The pond is bigger than I expected when it finally comes into view, and I pull Rooster to a stop between two wild oaks. “This might be the best place we’ll find to set up camp tonight. We can hunker down in the trees. We don’t know what the water situation will be like in Cactus, assuming it’s there at all, and we only have an hour until it’s full dark.”
Ava scans the distant mountains as if they hold the answers. “Our tent and the horses would be relatively hidden,” she agrees, and she clicks Loca toward the water for a much-needed drink. Rooster and I follow.
“A break and water?” Ava sighs with relief. “I consider this a win.”
Lucy overtakes us on the path as she runs for the pond. She stops at the edge and takes a step back, her ears perked and head tilted in caution.
I groan inwardly and climb down, leading Rooster a few steps closer. “Shit.” Exhaling, I rock back on my heels and run my hand down my face.
“You’ve got to be kidding me.” Ava dismounts and inches closer.
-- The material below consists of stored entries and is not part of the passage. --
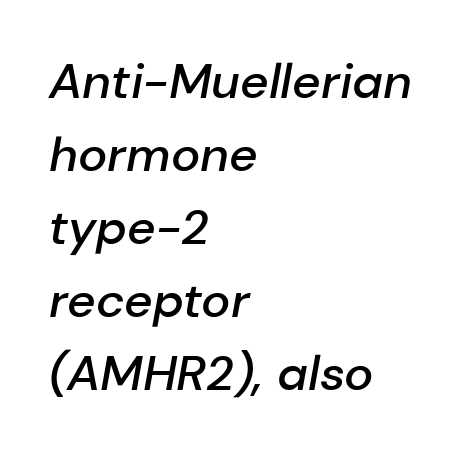
Students, observe: this is what conventionally led text looks like. Every row of glyphs begins at an identical x-position on the left. Think of a printed novel: that variable character pitch is what you see here. Default kerning and tracking; the words read as compact shapes.
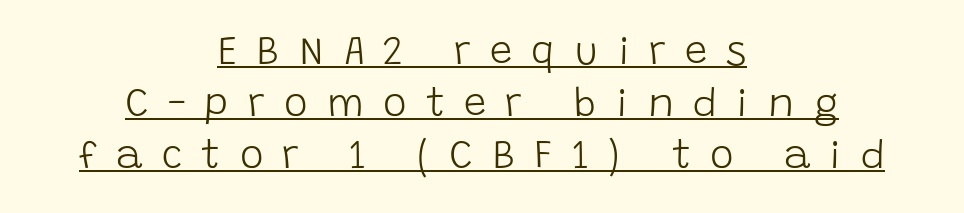
Q: Is the text bold? A: No.
Q: Is the text italic (slanted)? A: No, it is upright.
Q: Is the typeface a serif or a sans-serif typeface? A: Sans-serif.
Q: Is the text underlined? A: Yes.
Q: How is the paragraph aligned? A: Centered.
Q: Is the spacing between letters normal or unusually wide? A: Unusually wide.
Q: Is the spacing between lines tight, normal or loose? A: Normal.
Q: Width (condensed, normal, or wide)? A: Normal.
Q: Stroke contrast? A: Low.
Q: x-height? A: Large.
Q: Monospaced? A: No.
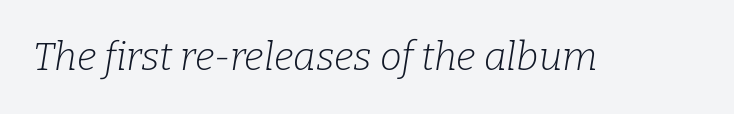
The image shows 39 px light serif type, italic (leaning right); set normal letter spacing, not underlined; low stroke contrast and a medium x-height.
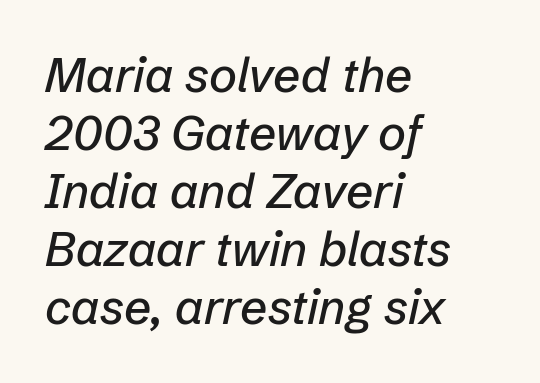
Looks like regular typesetting: each glyph gets only the width it needs. The letterforms sit shoulder to shoulder at normal distance. The rendering anchors every line to the left-hand side. Bare-footed words on every line.
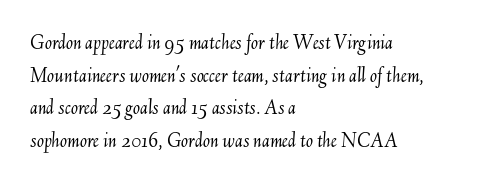
The characters are drawn with everyday or finer stroke widths. The words here are not underlined. Casual observation: everything's shoved over to the left. Caption: standard tracking, unaltered. The passage shown leans; its letterforms are oblique. What's the leading like? Ordinary, nothing unusual.

The horses’ heads hang low and curious as they sniff the water, but they lean away like they know better—like they can smell the death.
The water’s surface is dotted with dead fish.
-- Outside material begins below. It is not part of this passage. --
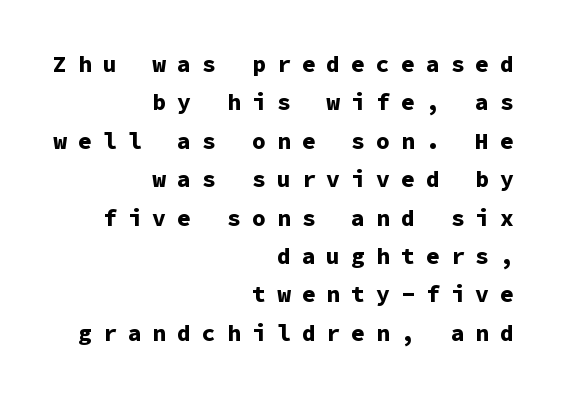
Each glyph is drawn with heavy, bold strokes. Notice how descenders clear the ascenders below comfortably — that's standard leading. A flush-right, rag-left setting is used for this passage. Short note: letters widely spaced. Plain, unruled lines of type.

Ava hands me Loca’s reins and crouches at the water’s edge, grimacing as she steadies herself on sore legs. Her ponytail falls over her shoulder as she leans forward, and reaching out, she holds her hand above the water. Her eyes snap to me. “It’s warm.”
“I figured.” I consider how many lava tunnels run beneath us and peer back in the direction we came.
“Do we keep riding, then?” Ava pulls her hat off and rubs her brow.
“I think we have to.” I hand her reins back and climb into Rooster’s saddle again. “And let’s hope we find some decent water in Cactus. Otherwise, our rations will be dismal tomorrow?—”
“And we still have at least a day of riding to get through,” she finishes for me.
I nod, but if water is unsafe here, I have little hope it will be any better in Cactus, especially if everyone uses well or reservoir water.
Ava tugs her hat on again. “Then we better go before I can’t get back in my saddle.” She winces as she lugs her leg over Loca’s back.
The pond starts gurgling first, and then hissing air echoes around us. The ground rumbles and shakes, and Rooster rears up. My body jolts back. The gray sky whips past me, and the sense I’m falling is the last thing I remember.